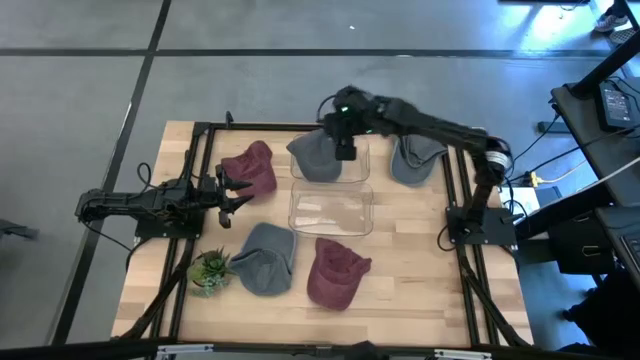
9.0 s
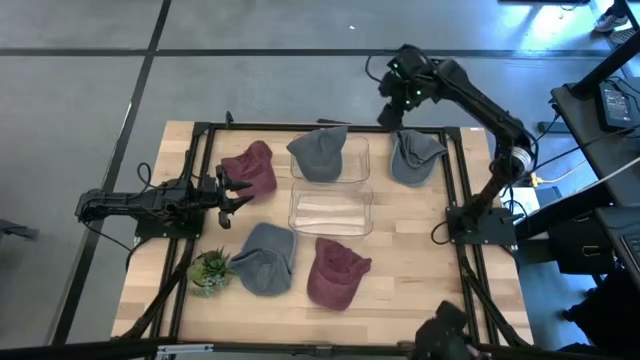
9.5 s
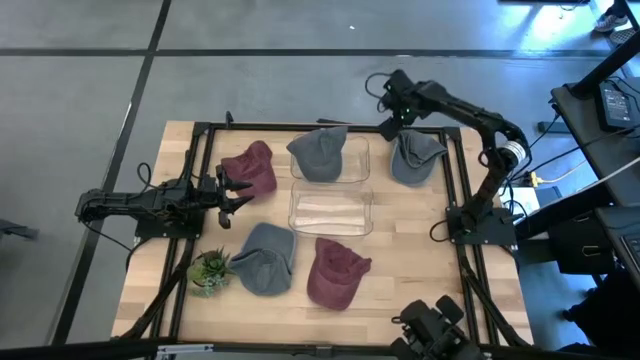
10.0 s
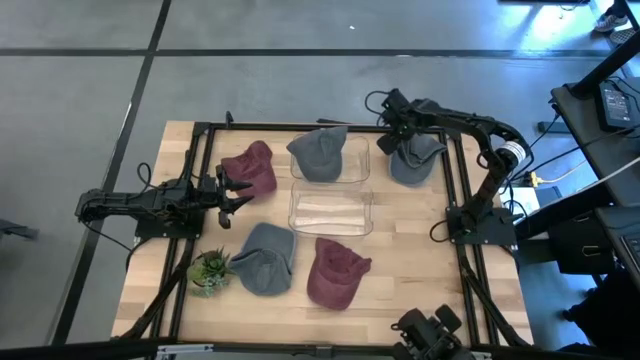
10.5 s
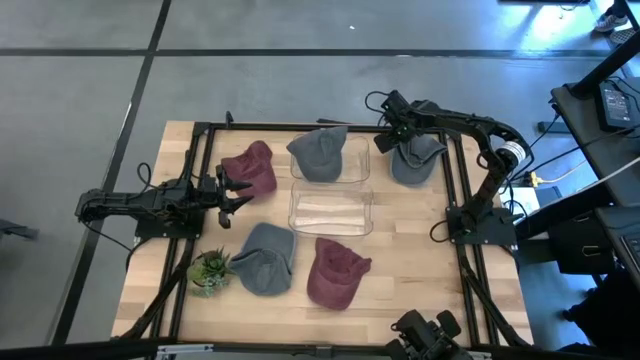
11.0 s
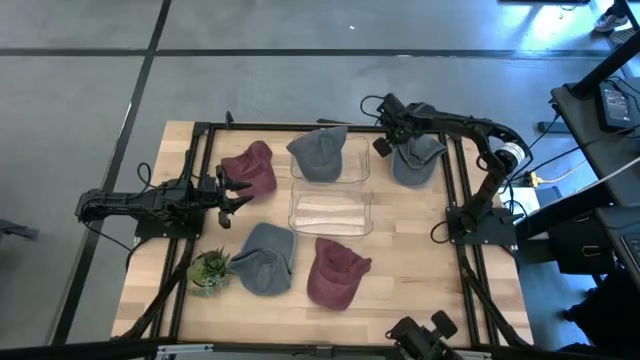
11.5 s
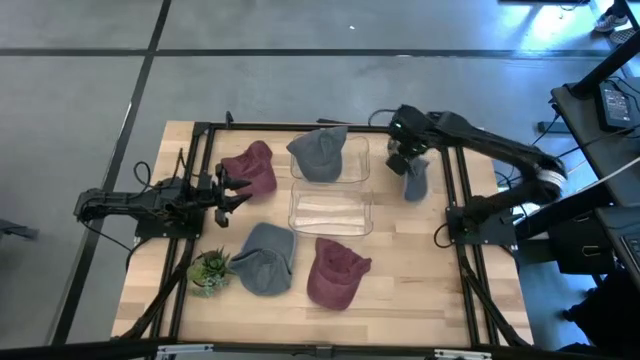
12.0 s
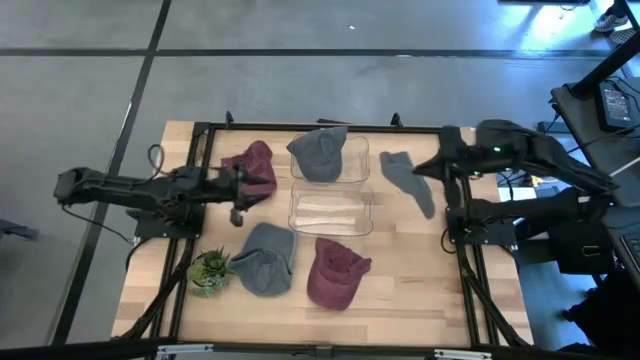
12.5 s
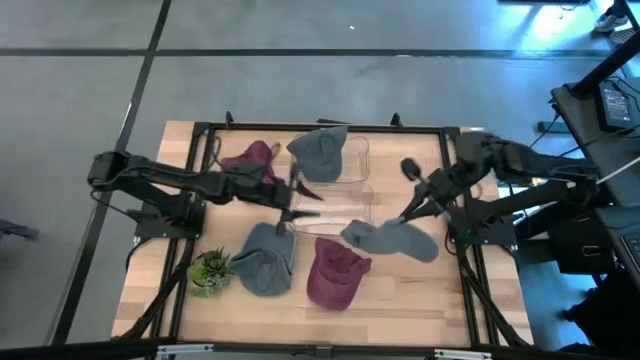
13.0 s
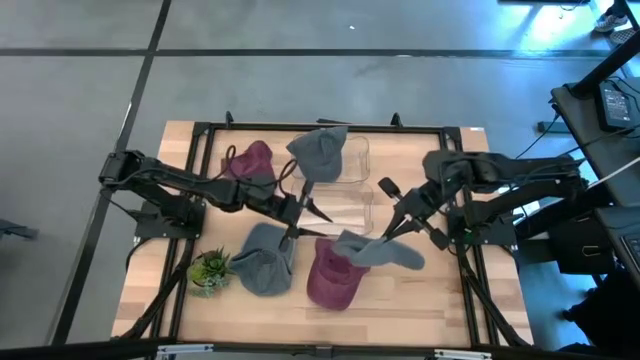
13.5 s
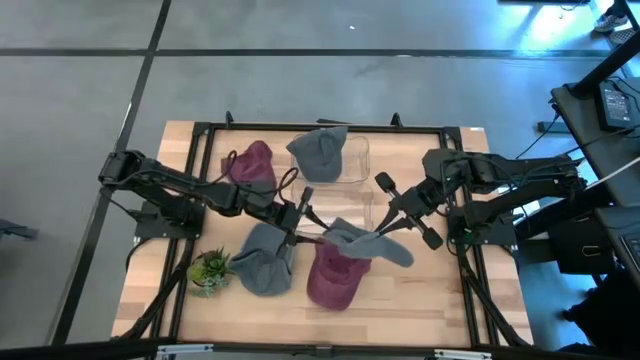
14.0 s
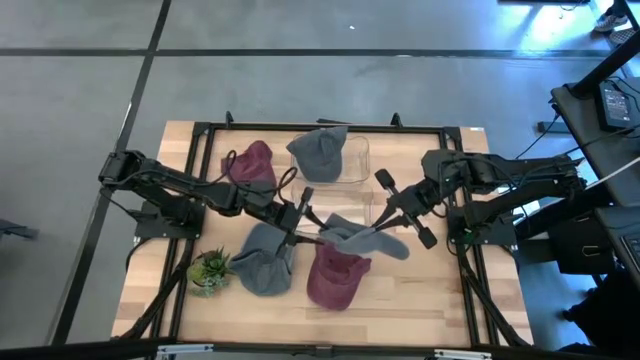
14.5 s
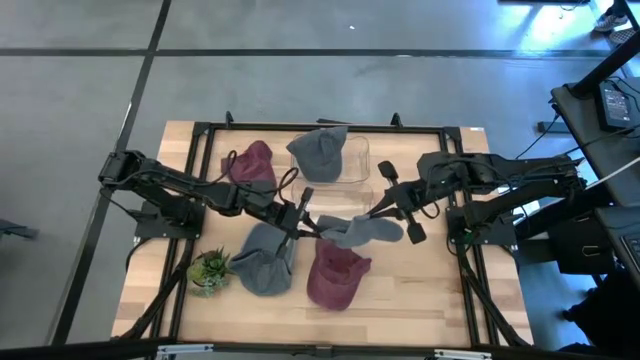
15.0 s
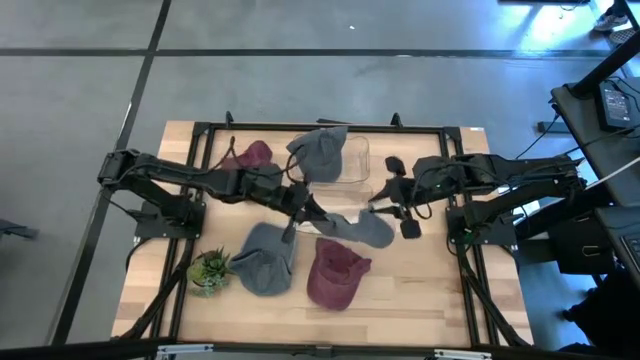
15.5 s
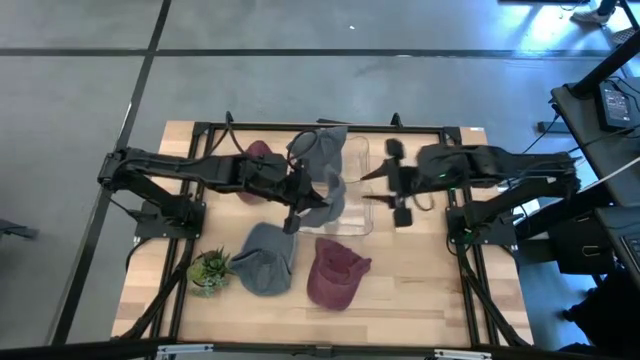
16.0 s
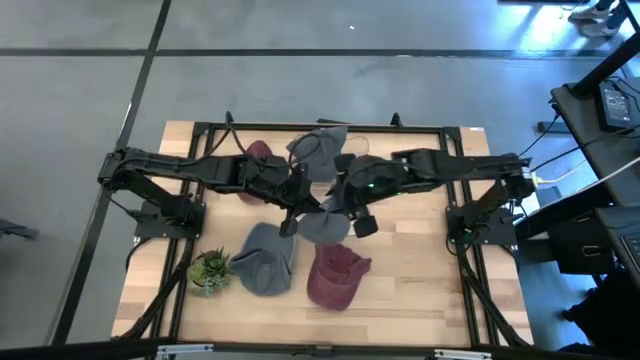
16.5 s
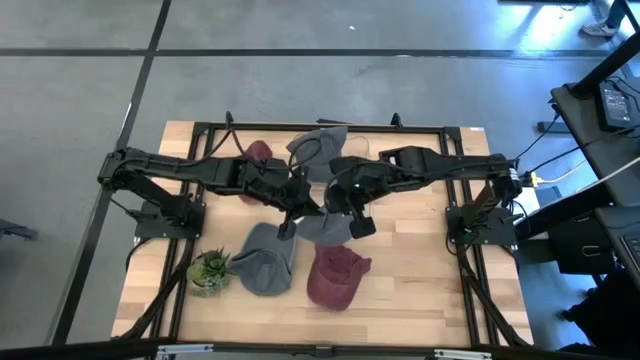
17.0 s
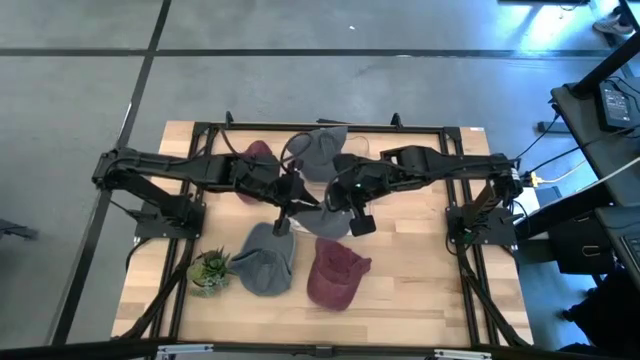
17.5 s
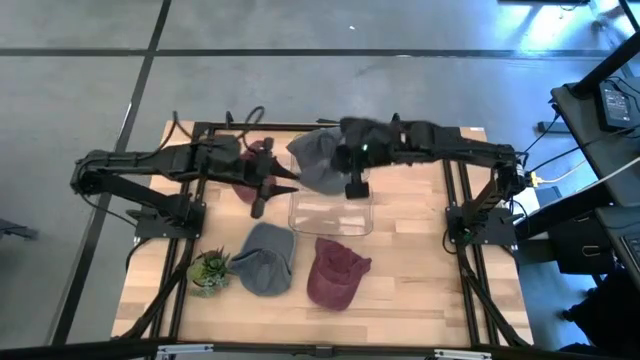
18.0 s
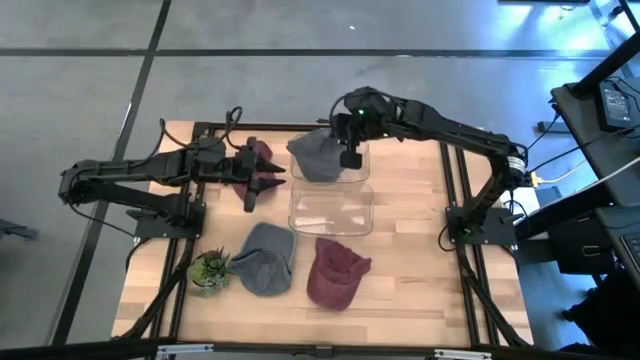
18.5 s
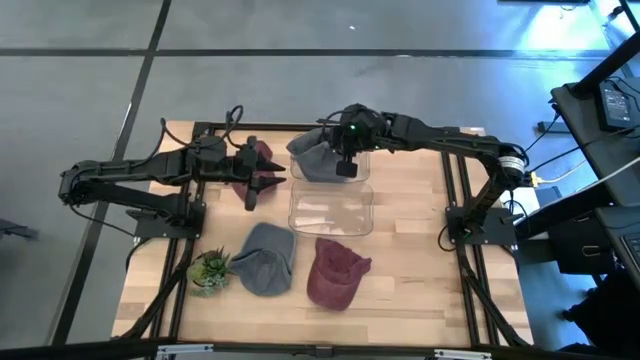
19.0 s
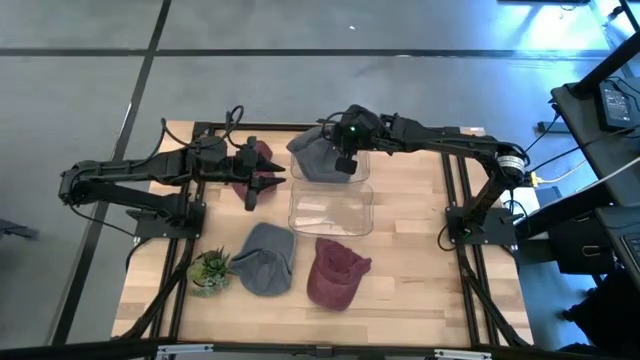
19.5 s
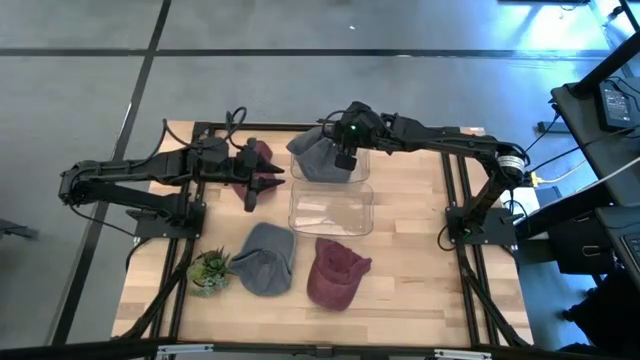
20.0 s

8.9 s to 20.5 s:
Task: Pick & Place hat
Put the top gray cap into the top transparent bin

======

◆ **Exercise directions**:
For the data above, return an exact copy that contains no pictures.

◆ **Result for this exercise**:
9.0 s
9.5 s
10.0 s
10.5 s
11.0 s
11.5 s
12.0 s
12.5 s
13.0 s
13.5 s
14.0 s
14.5 s
15.0 s
15.5 s
16.0 s
16.5 s
17.0 s
17.5 s
18.0 s
18.5 s
19.0 s
19.5 s
20.0 s

8.9 s to 20.5 s:
Task: Pick & Place hat
Put the top gray cap into the top transparent bin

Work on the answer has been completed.